Texto de Eduardo Jorge Madureira
O romancista israelita Sami Michael descreveu uma viagem de táxi em que o motorista se pôs a predicar sobre quão importante era para os judeus, como ele próprio e o seu passageiro, que se matassem todos os árabes. Sami Michael escutava-o com enorme paciência e, em vez de se mostrar horrorizado e o mandar calar, decidiu perguntar-lhe quem deveria ter o encargo de matar a totalidade dos árabes. O taxista respondeu o que se lhe afigurava óbvio: “Nós! Os judeus! Temos de matá-los! É ou nós ou eles! Você não vê o que eles estão sempre a fazer-nos!” O escritor decidiu insistir na interrogação sobre quem, exactamente, deveria matar todos os árabes: “O exército? A polícia? Serão os bombeiros? Ou os médicos de bata branca, com injecções?” O taxista, depois de uma pausa para calcular a melhor resposta, disse: “Temos de dividi-los irmãmente por cada um de nós. Cada homem judeu terá de matar uns quantos árabes”. Sami Michael prosseguiu a indagação: “Tudo bem. Digamos que você, por ser de Haifa, recebe um prédio de apartamentos em Haifa. Vai de porta em porta, toca à campainha e pergunta delicadamente aos moradores: ‘Perdão, serão por acaso árabes?’ Se a resposta for sim, dispara e mata-os. Quando acaba de matar todos os árabes do seu prédio, volta para casa, mas, antes de se afastar, ouve de repente do andar mais alto o choro de um bebé. O que fazer? Voltar atrás? Subir as escadas e matar o bebé? Sim ou não?” Depois de um demorado silêncio, o taxista responde a Sami Michael: “Escute, senhor, você é uma pessoa muito cruel!”
A história é contada pelo escritor israelita Amos Oz no livro Caros fanáticos. Fé, fanatismo e convivência no século XXI como exemplo da confusão que prevalece no espírito de um fanático: “uma combinação de inflexibilidade, de sentimentalismo e de falta de imaginação”. Para Amos Oz, que é também um militante pela paz, Sami Michael conseguiu, ao trazer o bebé para a história, confundir o motorista de táxi, tocando-lhe na “corda emocional”. O episódio oferece também uma, ainda que ténue, esperança, uma vez que, como escreve Amos Oz, ao se ser instado a imaginar os detalhes do horror de que se faz a apologia, emerge um embaraço que é “uma pequena brecha súbita no muro da inflexibilidade fanática”.
Editado em Setembro pelas Publicações D. Quixote, Caros fanáticos.
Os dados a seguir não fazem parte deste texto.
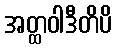
အတ္ထဝါဒီတိပိ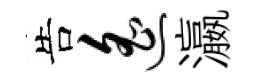
告遥瀛

Fé, fanatismo e convivência no século XXI é o mais recente livro do autor sobre o tema (em 2007, tinha sido publicado Contra o fanatismo). Colige três ensaios que, apesar de pretenderem ser “um olhar pessoal sobre questões controversas na sociedade israelita”, tem um alcance muitíssimo mais vasto.
É que o fanatismo, como explica Amos Oz, é mais antigo do que o Islão, do que o cristianismo e o judaísmo e do que todas as ideologias do mundo. O fanatismo “é a essência perene da natureza humana, o ‘gene mau’: aqueles que fazem explodir clínicas onde se fazem abortos, que matam refugiados na Europa, que assassinam mulheres e crianças em Israel, que lançam fogo a uma casa com toda uma família palestiniana lá dentro, pais e filhos, nos territórios ocupados por Israel, que profanam sinagogas, igrejas, mesquitas e cemitérios, todos estes, apesar de diferentes da Al-Qaeda e do Daesh pela extensão e gravidade dos seus actos, não o são na natureza dos seus crimes”. O fanatismo julga que os fins justificam os meios, não acreditando que “a vida é um objectivo e não um meio”.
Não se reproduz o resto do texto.